WHAT THE TASK REQUIRES. The full set of entries below, restated word for word and stripped of images, is the expected result.

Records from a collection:
◇ ◇ ◇ ◇
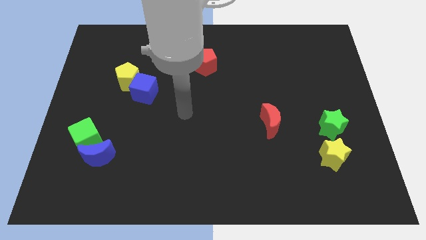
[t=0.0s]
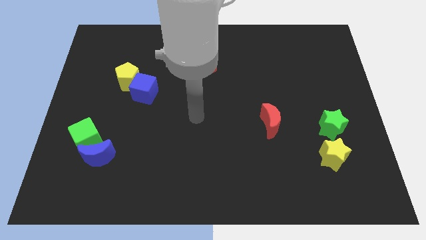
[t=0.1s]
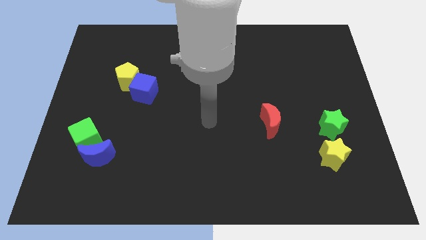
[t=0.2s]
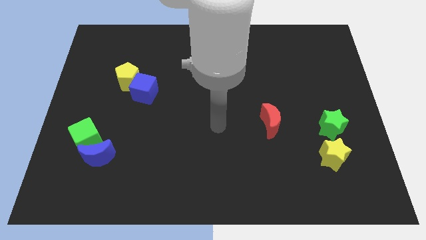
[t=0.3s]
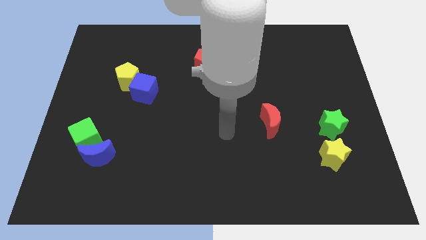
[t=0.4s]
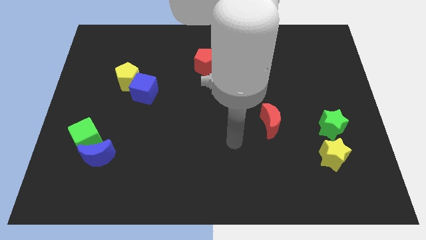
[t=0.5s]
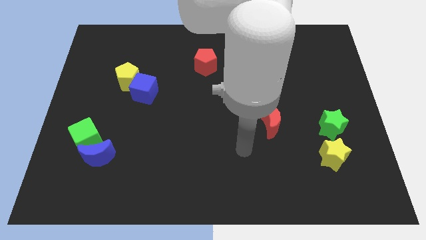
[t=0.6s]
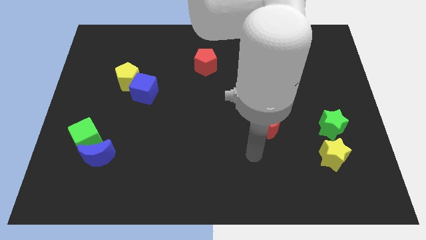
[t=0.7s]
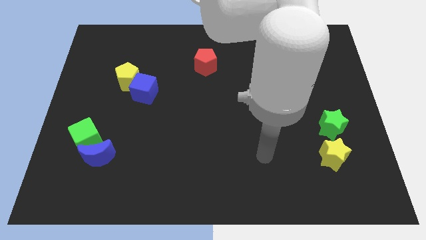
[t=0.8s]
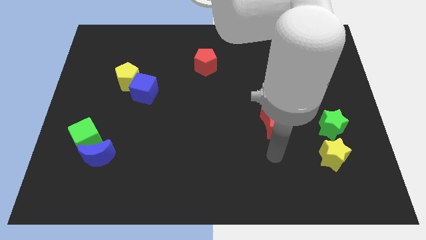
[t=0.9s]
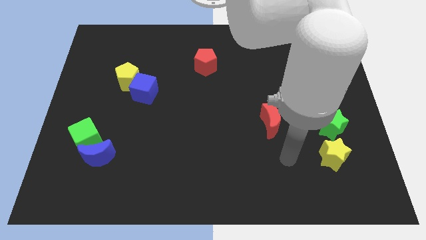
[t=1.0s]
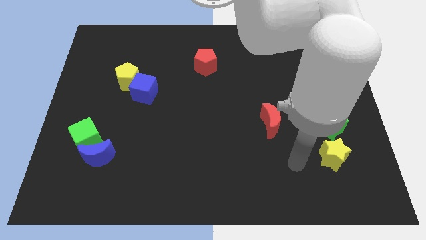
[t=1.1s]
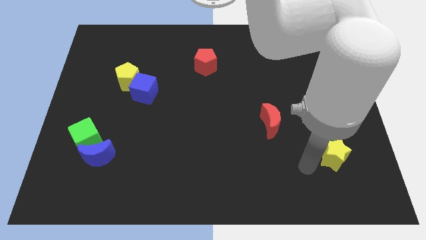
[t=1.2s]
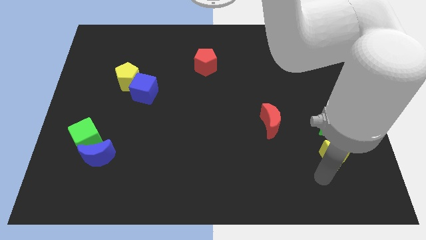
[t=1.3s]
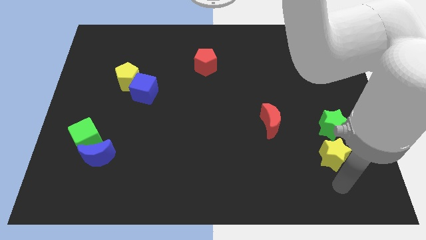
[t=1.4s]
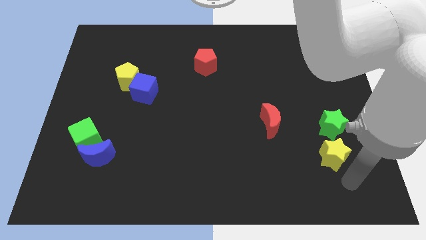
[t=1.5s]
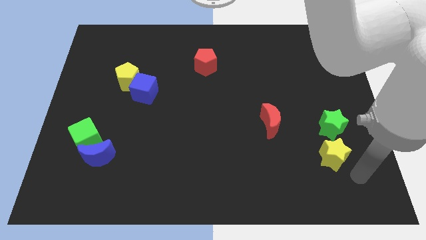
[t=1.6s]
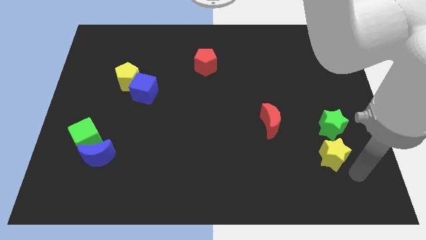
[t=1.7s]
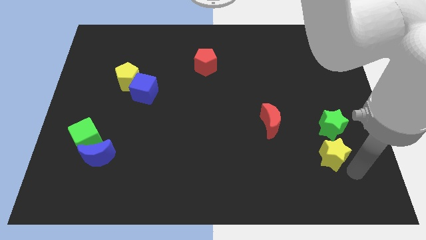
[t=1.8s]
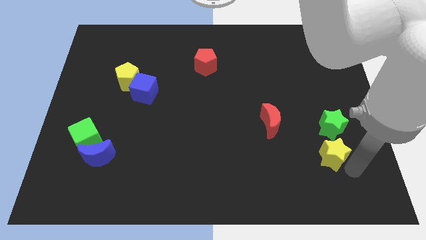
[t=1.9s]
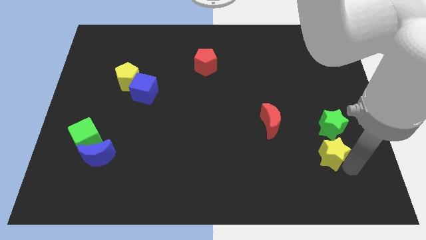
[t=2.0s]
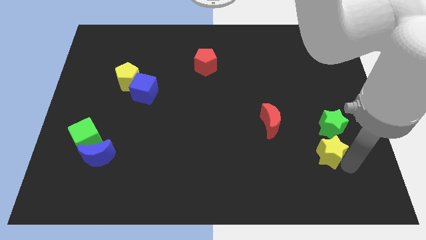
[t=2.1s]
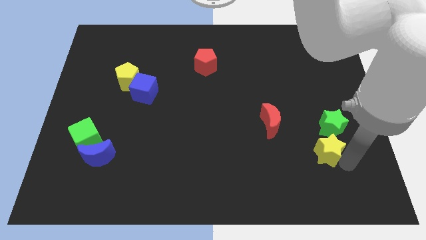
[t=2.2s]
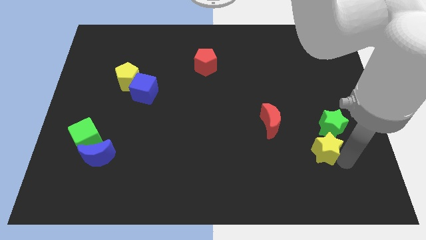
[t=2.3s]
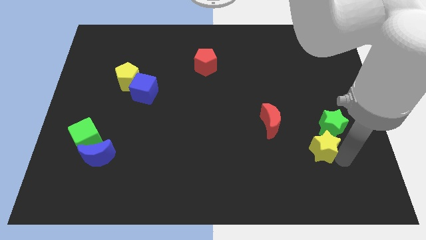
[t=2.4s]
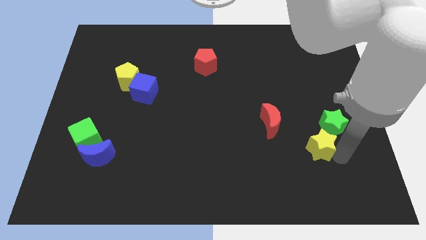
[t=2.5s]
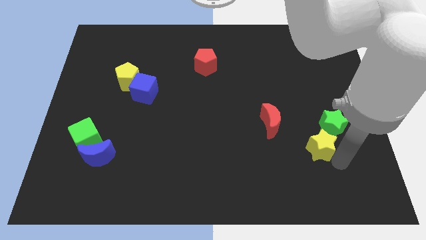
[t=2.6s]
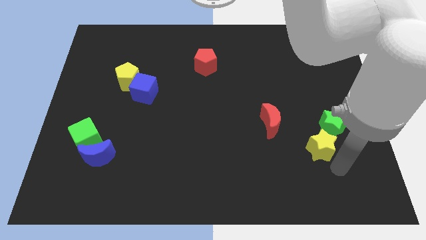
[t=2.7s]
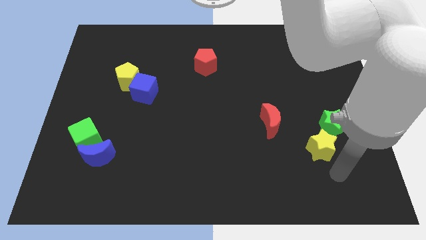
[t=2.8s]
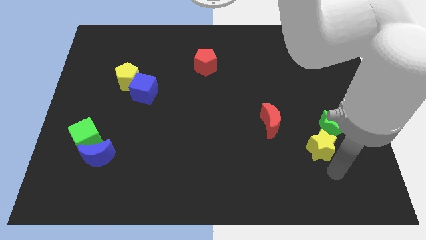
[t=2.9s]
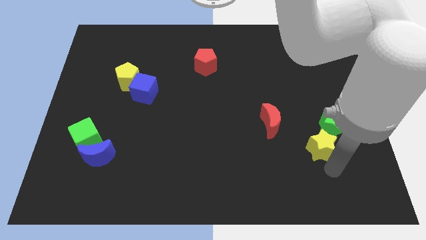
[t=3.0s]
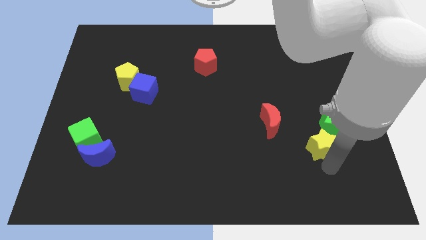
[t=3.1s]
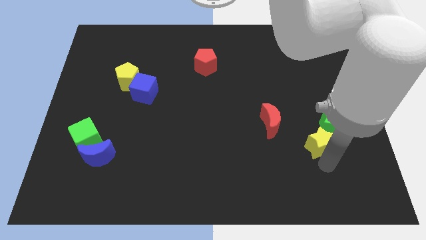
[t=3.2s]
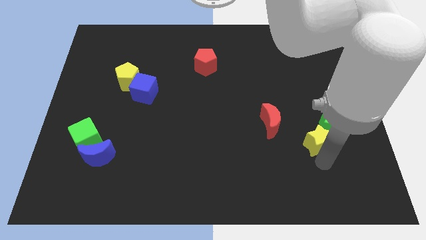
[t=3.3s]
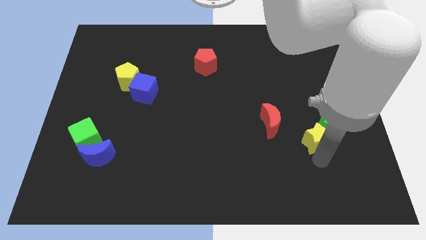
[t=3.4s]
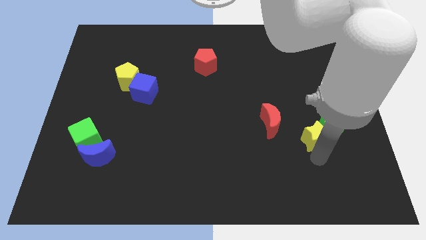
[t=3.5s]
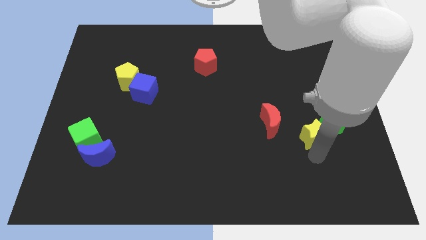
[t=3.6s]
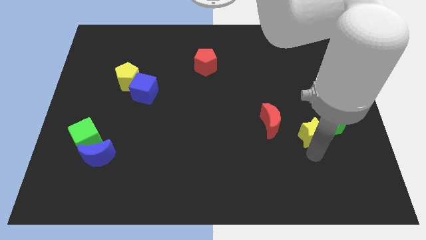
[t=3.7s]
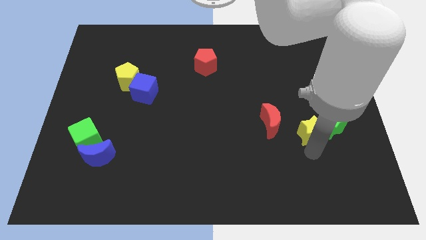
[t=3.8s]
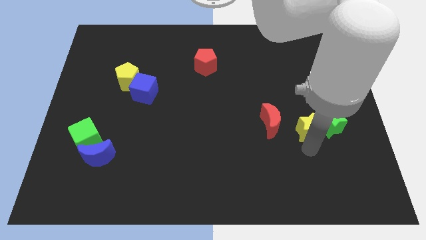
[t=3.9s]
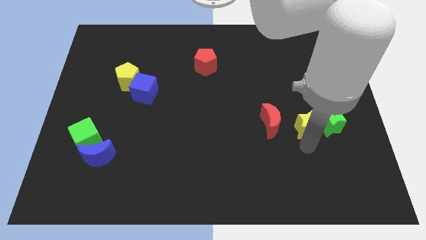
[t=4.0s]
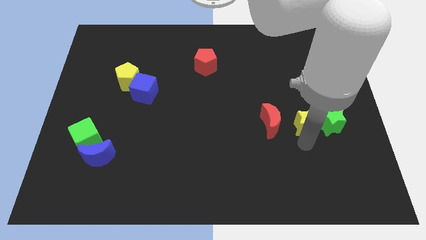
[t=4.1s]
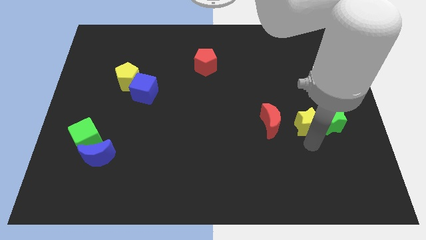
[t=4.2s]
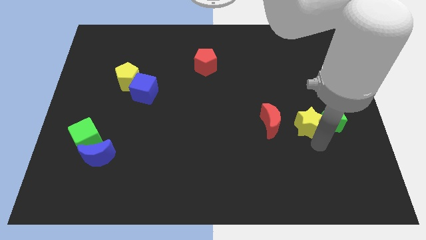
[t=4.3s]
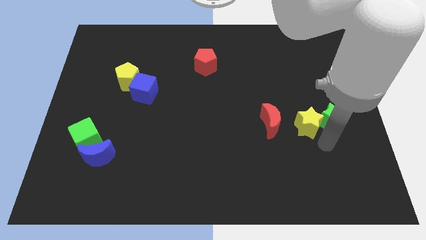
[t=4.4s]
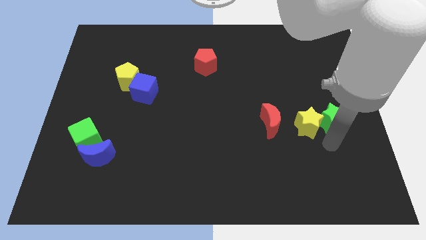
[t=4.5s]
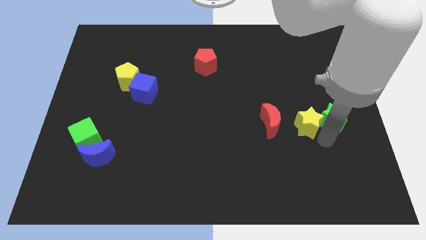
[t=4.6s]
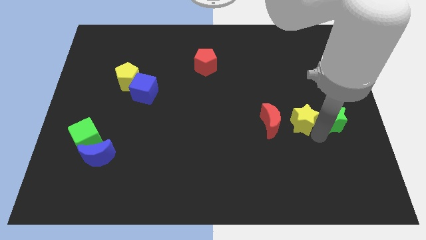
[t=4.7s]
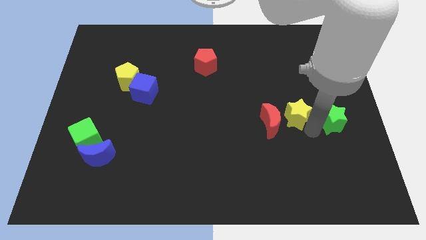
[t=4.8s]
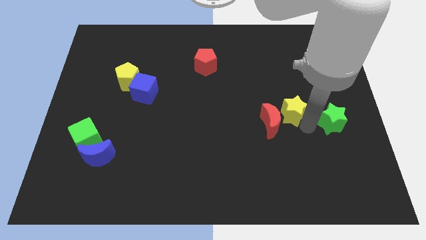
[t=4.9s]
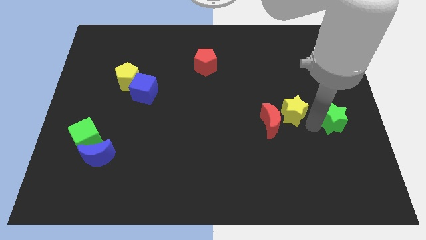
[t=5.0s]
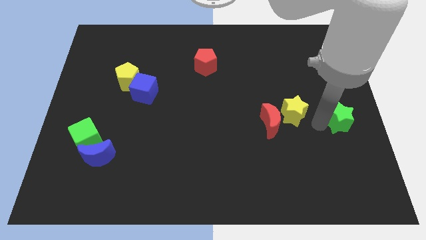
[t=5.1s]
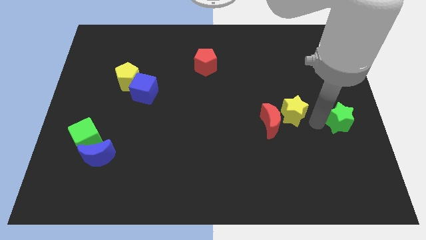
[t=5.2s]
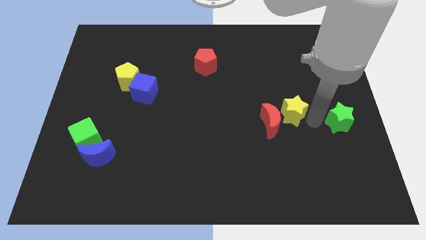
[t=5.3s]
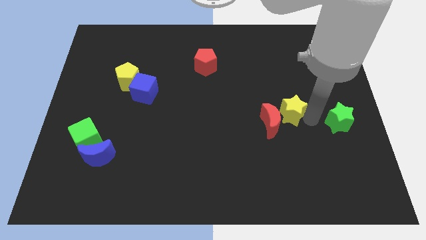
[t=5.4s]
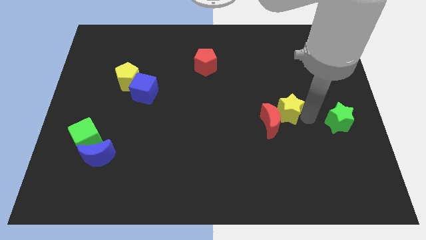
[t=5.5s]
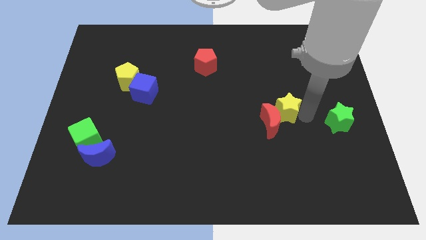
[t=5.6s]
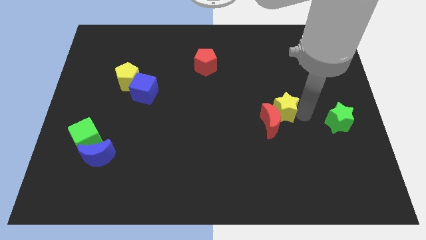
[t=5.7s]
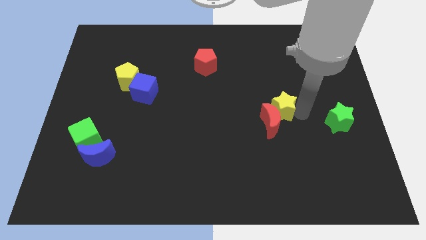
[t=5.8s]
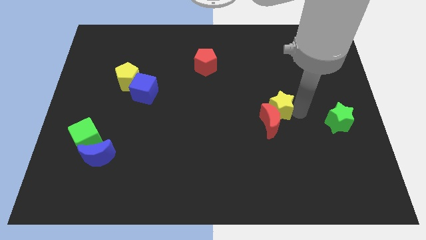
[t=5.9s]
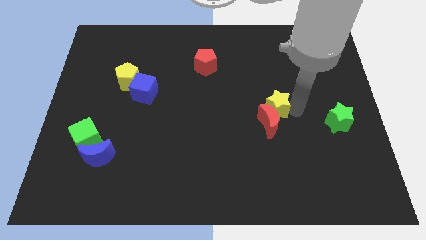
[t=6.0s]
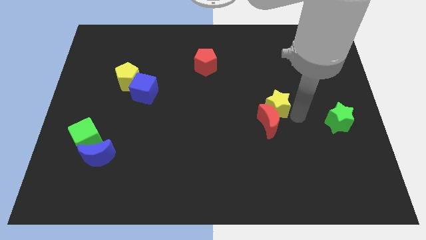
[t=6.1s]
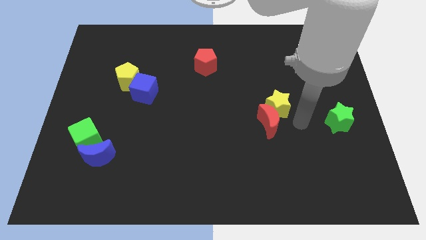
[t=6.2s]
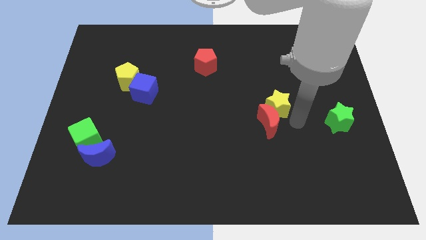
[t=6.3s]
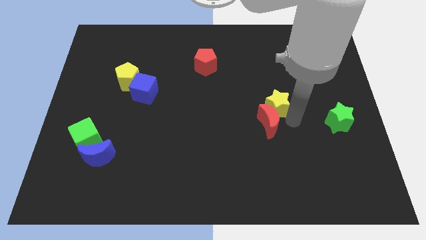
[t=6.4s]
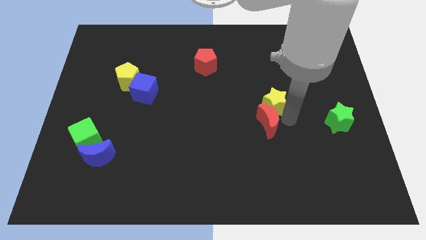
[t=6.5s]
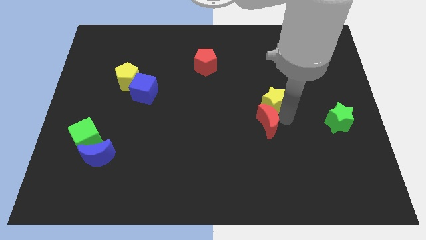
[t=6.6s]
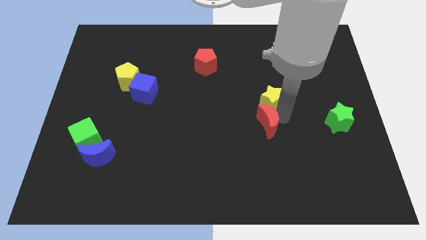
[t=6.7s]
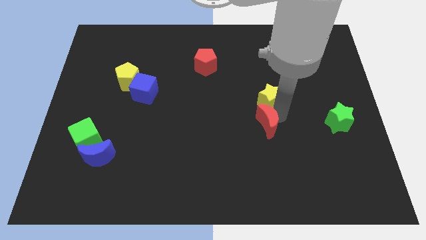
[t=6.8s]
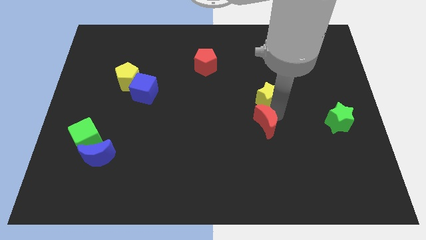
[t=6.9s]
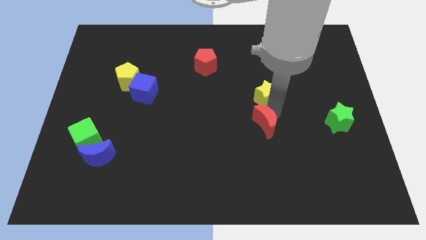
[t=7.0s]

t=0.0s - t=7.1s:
move the yellow star up and to the left diagonally
◇ ◇ ◇ ◇
ANSWER TO THIS TASK.
[t=0.0s]
[t=0.1s]
[t=0.2s]
[t=0.3s]
[t=0.4s]
[t=0.5s]
[t=0.6s]
[t=0.7s]
[t=0.8s]
[t=0.9s]
[t=1.0s]
[t=1.1s]
[t=1.2s]
[t=1.3s]
[t=1.4s]
[t=1.5s]
[t=1.6s]
[t=1.7s]
[t=1.8s]
[t=1.9s]
[t=2.0s]
[t=2.1s]
[t=2.2s]
[t=2.3s]
[t=2.4s]
[t=2.5s]
[t=2.6s]
[t=2.7s]
[t=2.8s]
[t=2.9s]
[t=3.0s]
[t=3.1s]
[t=3.2s]
[t=3.3s]
[t=3.4s]
[t=3.5s]
[t=3.6s]
[t=3.7s]
[t=3.8s]
[t=3.9s]
[t=4.0s]
[t=4.1s]
[t=4.2s]
[t=4.3s]
[t=4.4s]
[t=4.5s]
[t=4.6s]
[t=4.7s]
[t=4.8s]
[t=4.9s]
[t=5.0s]
[t=5.1s]
[t=5.2s]
[t=5.3s]
[t=5.4s]
[t=5.5s]
[t=5.6s]
[t=5.7s]
[t=5.8s]
[t=5.9s]
[t=6.0s]
[t=6.1s]
[t=6.2s]
[t=6.3s]
[t=6.4s]
[t=6.5s]
[t=6.6s]
[t=6.7s]
[t=6.8s]
[t=6.9s]
[t=7.0s]

t=0.0s - t=7.1s:
move the yellow star up and to the left diagonally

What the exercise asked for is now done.